What you can infer from the stills is that the left-hand side of the ball hits the wall and slows down to a stop very rapidly whilst the inside of the ball is still moving to the right.
As time progresses the ball is compressed with its internal parts slowing down in the process and some of the ball's kinetic energy is converted into elastic potential energy within the ball in the same way as when a spring is compressed.
Eventually the centre of mass of the ball must stop moving relative to the wall and at that stage the ball's initially kinetic energy has been converted into elastic potential energy, oscillatory kinetic energy of the ball and has done work permanently deforming the ball - breaking bonds.
That oscillatory motion of the internal parts of the ball is due to compression pulse(s) moving within the ball and this effect is the basis of some experiments used to measure the speed of sound in a rod as described here.
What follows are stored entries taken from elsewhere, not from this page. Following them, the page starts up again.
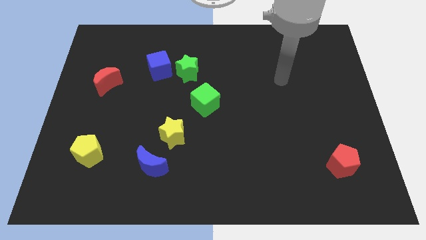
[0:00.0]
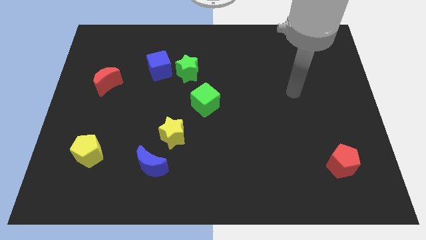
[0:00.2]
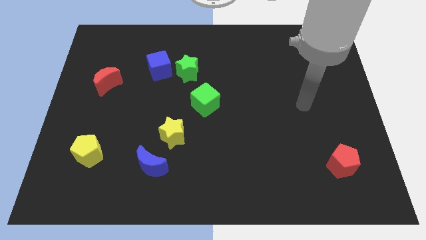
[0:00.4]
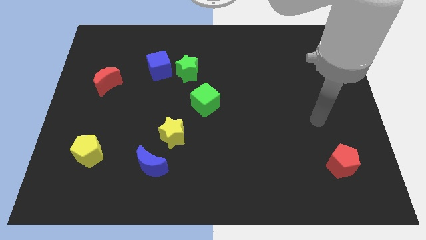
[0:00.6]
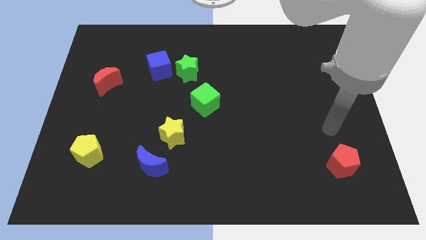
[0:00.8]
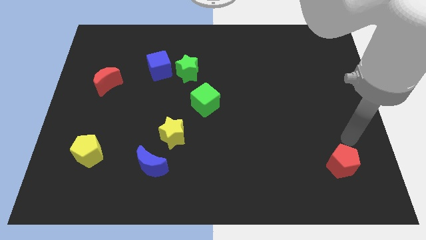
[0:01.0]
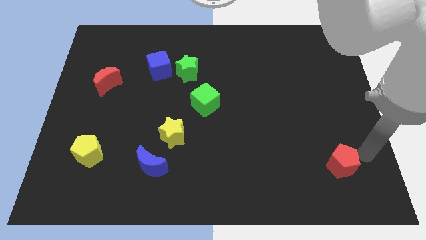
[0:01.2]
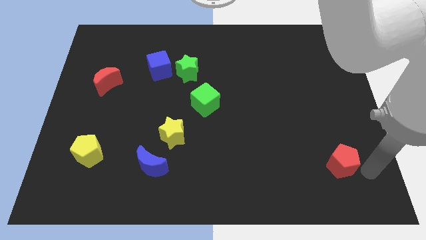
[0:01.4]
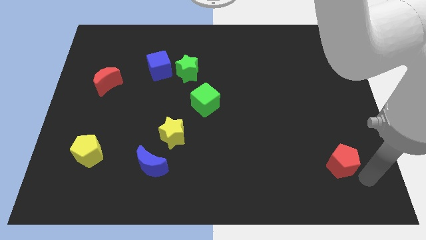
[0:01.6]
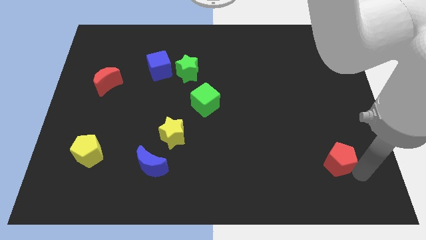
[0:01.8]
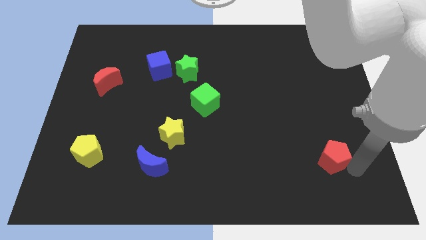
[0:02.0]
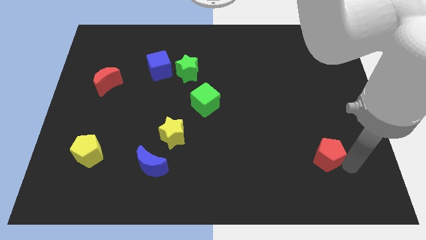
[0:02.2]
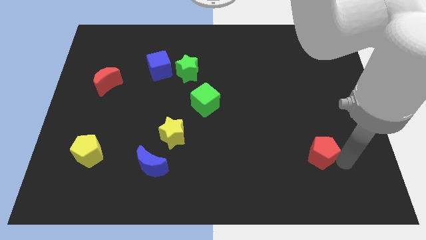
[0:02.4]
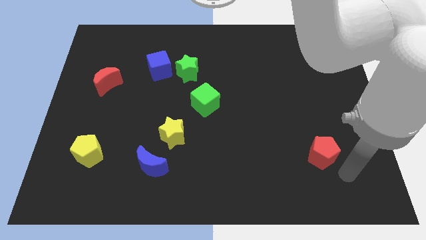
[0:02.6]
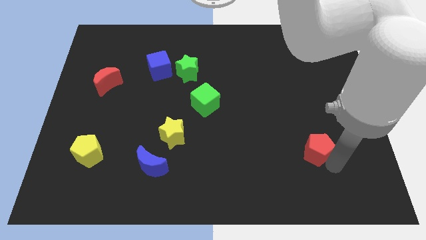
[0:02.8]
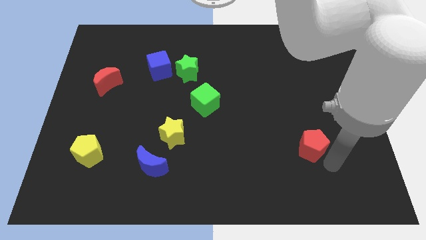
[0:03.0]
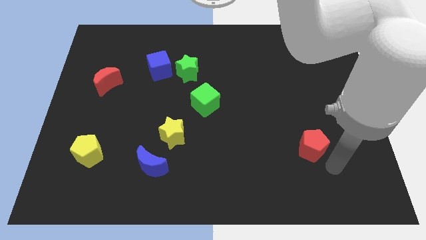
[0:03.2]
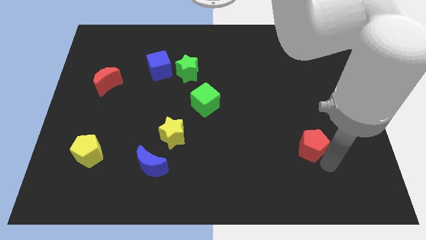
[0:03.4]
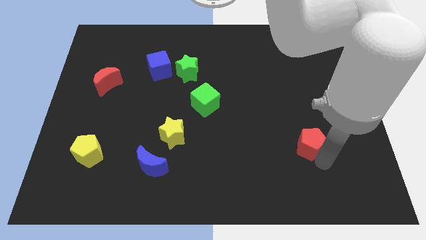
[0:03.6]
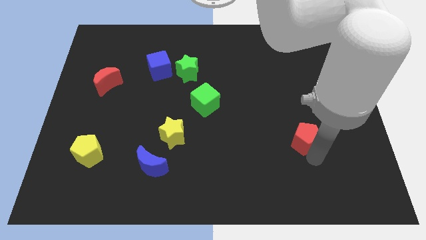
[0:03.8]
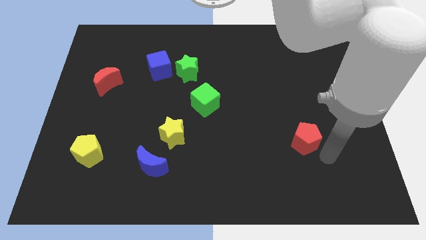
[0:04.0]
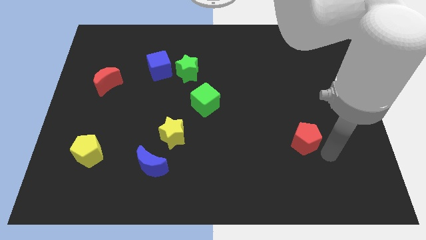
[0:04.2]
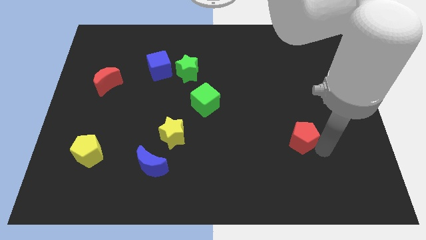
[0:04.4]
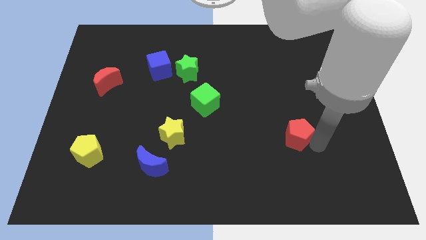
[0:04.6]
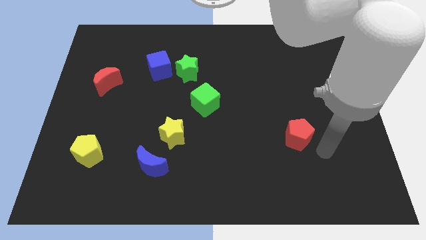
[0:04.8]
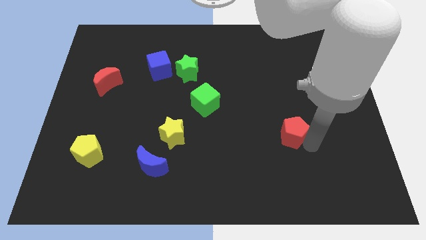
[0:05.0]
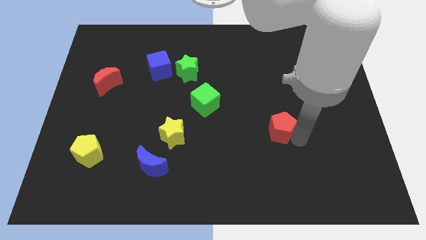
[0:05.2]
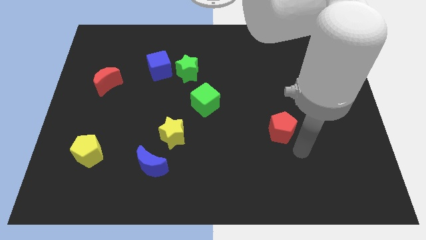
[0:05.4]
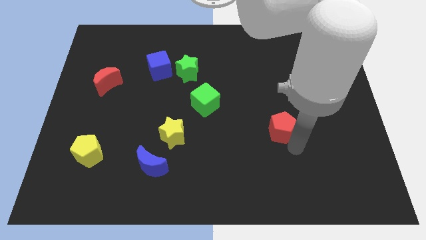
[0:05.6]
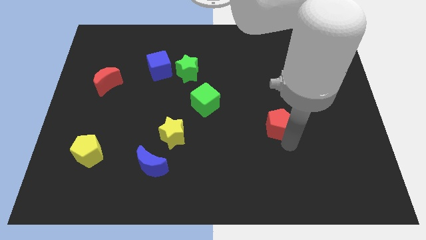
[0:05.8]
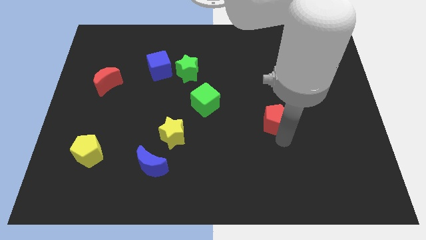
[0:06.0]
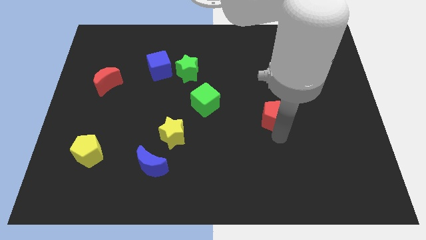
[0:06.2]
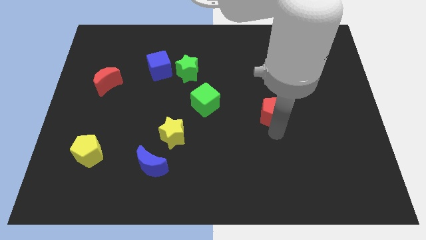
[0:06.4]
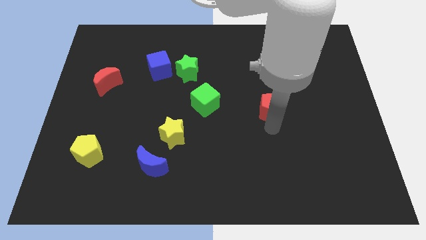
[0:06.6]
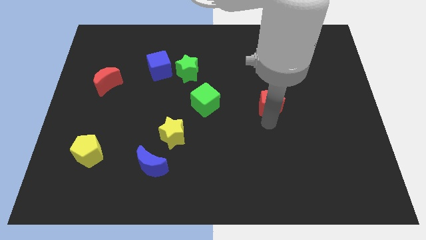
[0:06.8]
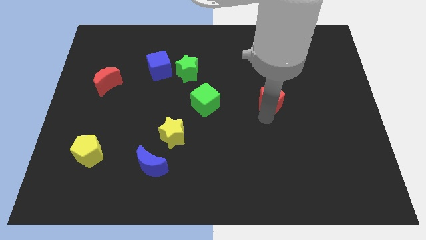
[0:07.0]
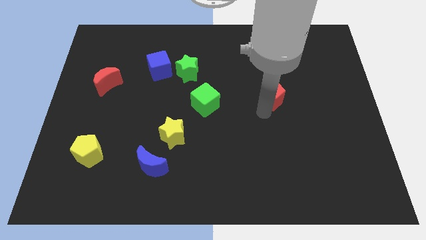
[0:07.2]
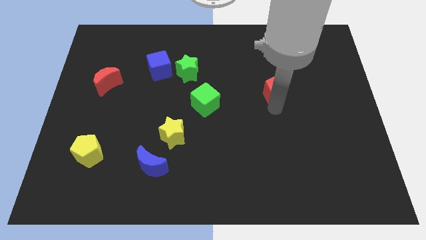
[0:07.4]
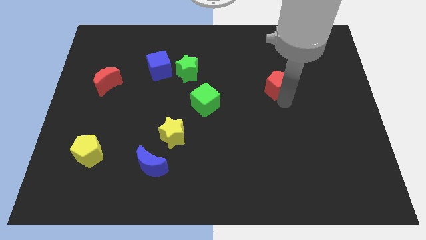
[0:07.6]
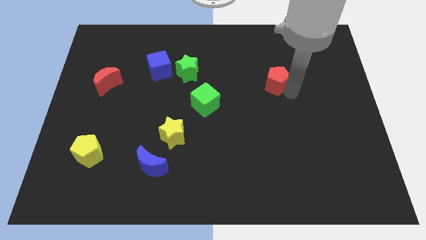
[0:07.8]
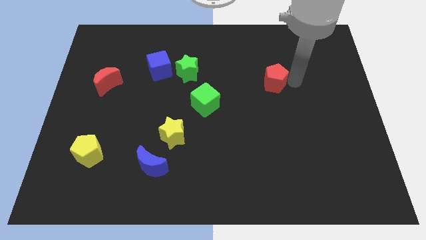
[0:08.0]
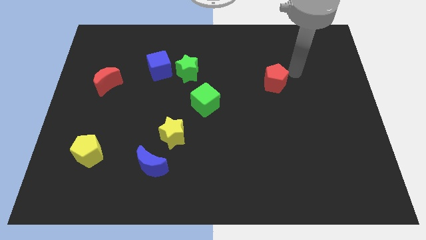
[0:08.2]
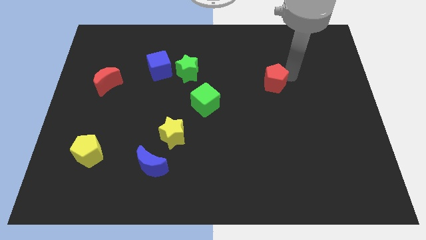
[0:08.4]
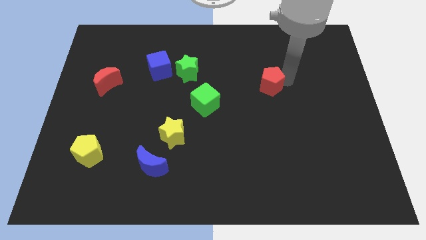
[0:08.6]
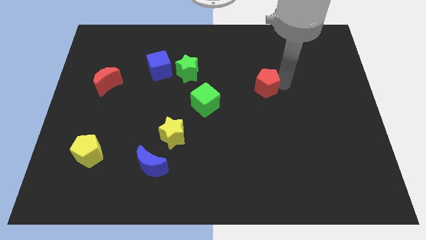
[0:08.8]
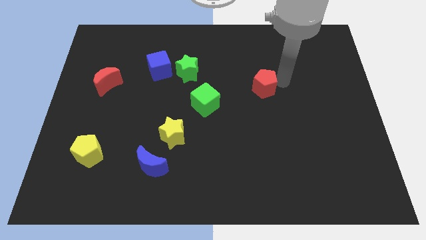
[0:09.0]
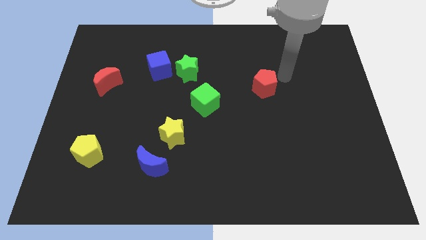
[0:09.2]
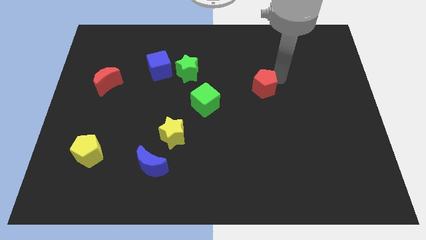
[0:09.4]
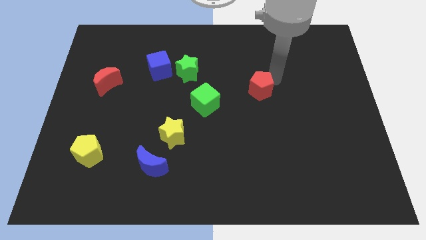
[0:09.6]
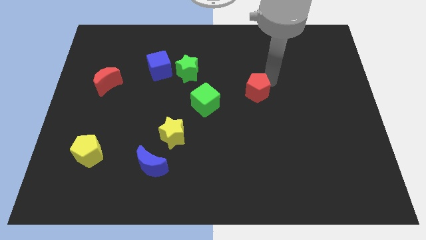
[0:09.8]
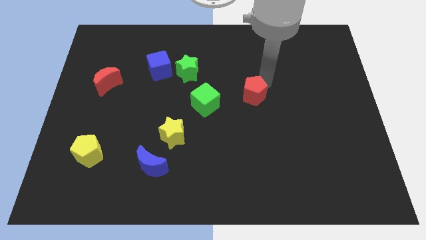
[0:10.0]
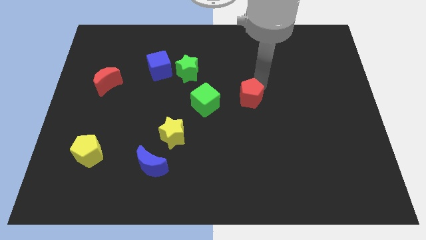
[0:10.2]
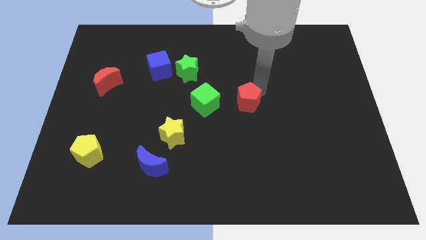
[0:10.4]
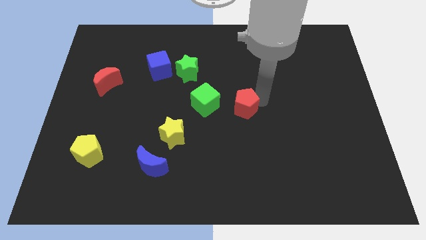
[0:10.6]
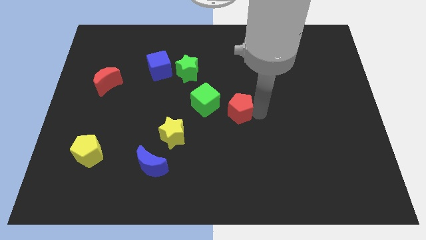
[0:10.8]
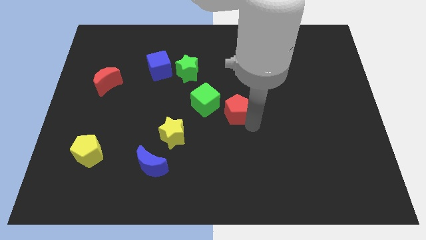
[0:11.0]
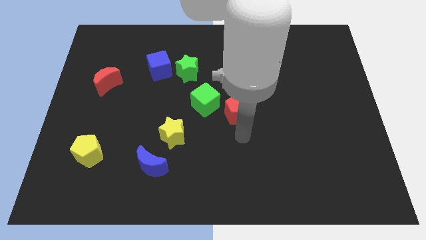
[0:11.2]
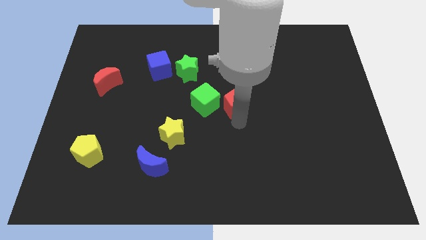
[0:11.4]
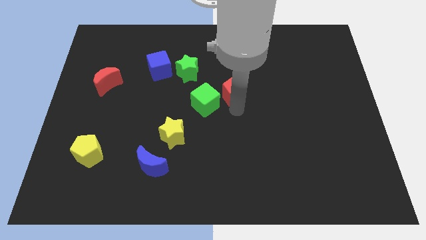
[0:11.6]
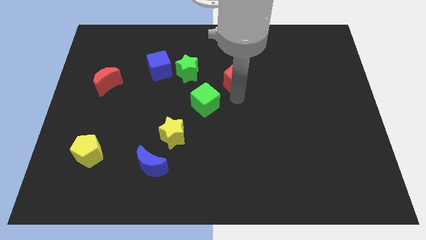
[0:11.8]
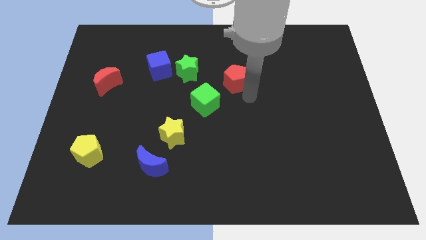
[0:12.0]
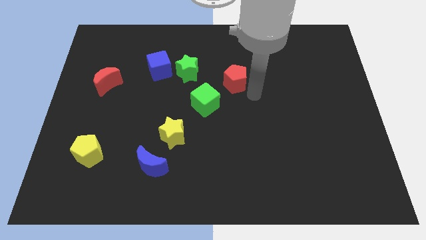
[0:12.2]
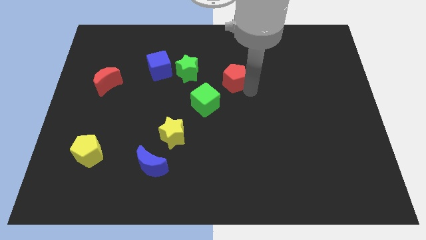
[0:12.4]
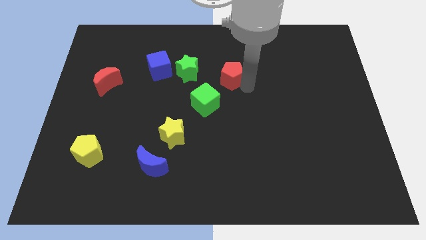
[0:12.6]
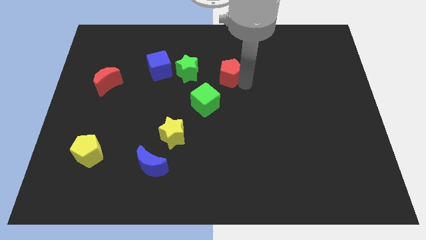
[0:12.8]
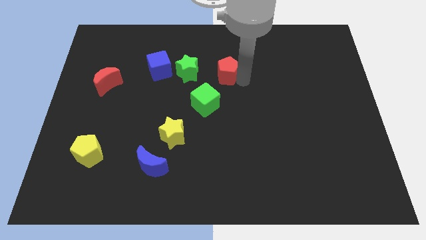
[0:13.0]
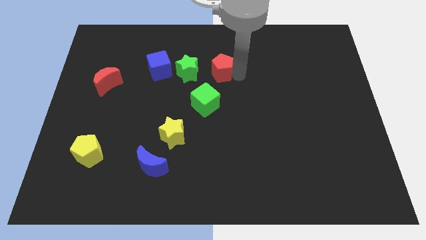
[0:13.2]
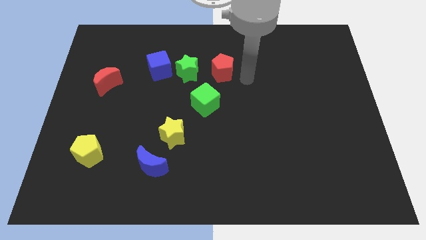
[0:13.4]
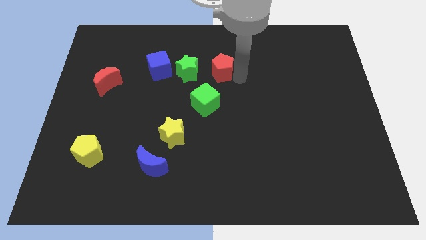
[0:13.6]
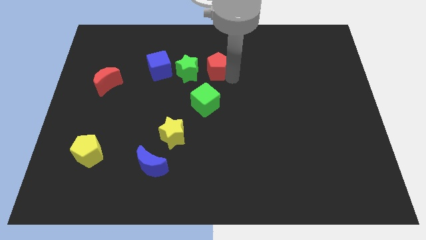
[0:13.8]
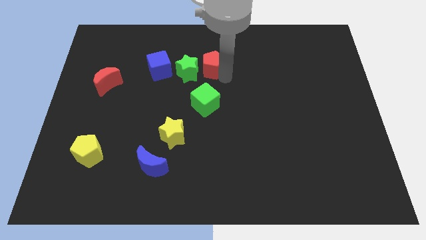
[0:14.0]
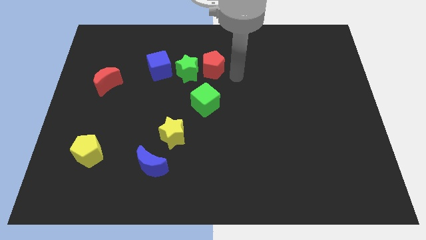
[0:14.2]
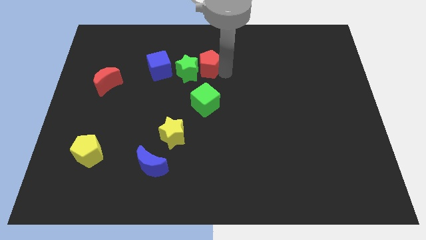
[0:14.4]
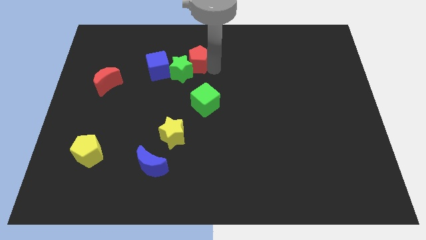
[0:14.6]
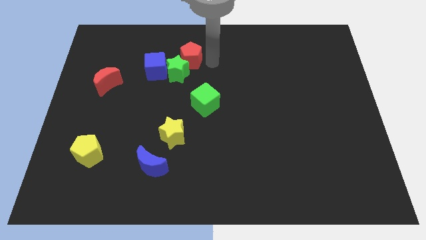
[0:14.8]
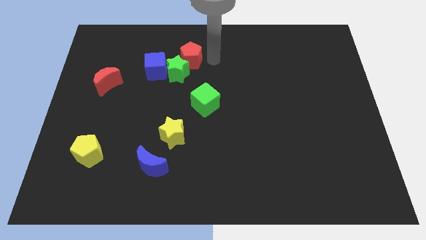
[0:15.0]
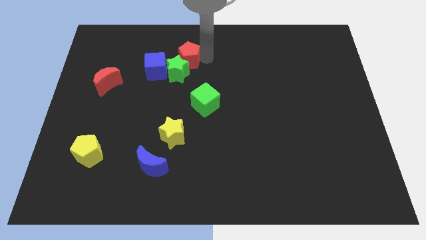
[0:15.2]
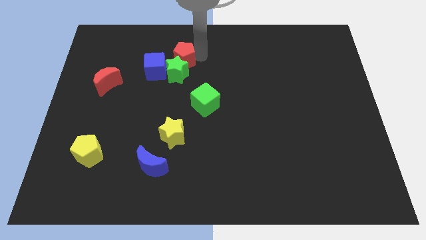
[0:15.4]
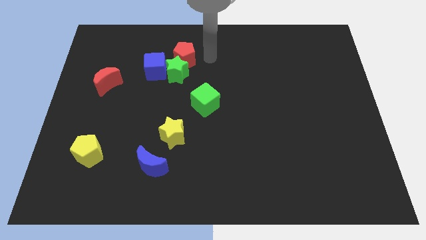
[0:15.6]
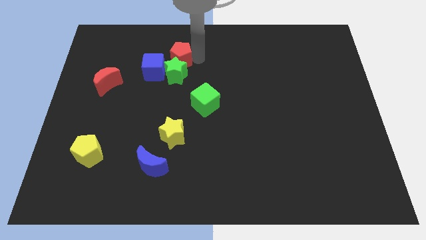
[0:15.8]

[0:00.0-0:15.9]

There is also heat generated some of which is due to the damping of the oscillatory motion of the internal parts of the ball.
Thus a ball can stopped the ball by exerting an external force on it due to a wall with the wall assumed not to deform and thus doing no work.
It is the internal forces within the ball which are the forces doing the work.
The process is then reversed with the elastic potential energy being converted into the kinetic energy of the ball as its centre of mass moves to the right but the collision is not elastic as some of the ball's initial kinetic energy has been converted into heat, (sound), and used to permanently deform the ball - break bonds.